My objective—and this may sound weird—is not to see as many species as possible. Instead, I’m in it for the experience, for the novelty. I’m going for quality, not quantity. So rest easy, Colorado listers: I pose no threat to you.

Or maybe I do. White-winged Juncos, Yellow-shafted Flickers, and Myrtle Warblers count for me. So do Indian Peafowl, Mandarin Ducks, and Front Range Chukars. And if the Rufous-collared Sparrow comes back to Clear Creek County, I’m definitely counting it. There’s more: All the great birds around Cheyenne, Laramie County, Wyoming, count for my Colorado list. If I see a bird in a mist net, that’s fine by me; if I identify a bird after the fact by sound spectrogram, I’m counting it; and—oh, yes—dead birds count.

O tempora! O mores!

Hang on a second.

Yes, I’m breaking all the rules. Are you sure, though, that you’re as compliant as you think you are? As Ken Hollinga, Michael Retter, the late Craig Roberts, and others have pointed out to me, the “rules” aren’t necessarily what we think they are.

Then again, I’m not really breaking the rules, er, “rules,” so much as I’m cheerfully ignoring them.

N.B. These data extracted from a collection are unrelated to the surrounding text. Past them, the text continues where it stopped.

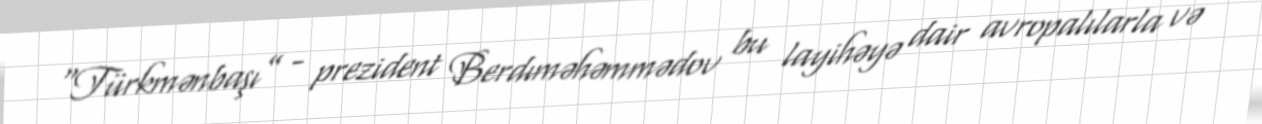
“Türkmənbaşı” - prezident Berdıməhəmmədov bu layihəyə dair avropalılarla və
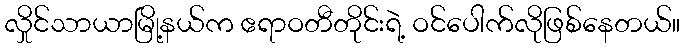
လှိုင်သာယာမြို့နယ်က ဧရာဝတီတိုင်းရဲ့ ဝင်ပေါက်လိုဖြစ်နေတယ်။
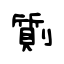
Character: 劕
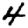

I’m not in this for the game, or sport, or competition. Um, that’s okay. I’m in this to learn about birds, and the world they—and we—inhabit. The rules don’t serve that purpose, not for me anyhow.

In my world, Boulder County pheasants and Chukars are equally countable. For me, a White-winged Junco is as distinctive—as “countable”—as a Cassin’s Vireo or Thayer’s Gull. As far as I’m concerned, birds in nets and even dead birds are interesting, worthwhile, and properly ticked. And—what the heck—Cheyenne is close enough, and good enough, for me.

Here’s the bottom line: Two days into my two new Big Years, I’m having more fun than ever before. Isn’t that what it’s all about?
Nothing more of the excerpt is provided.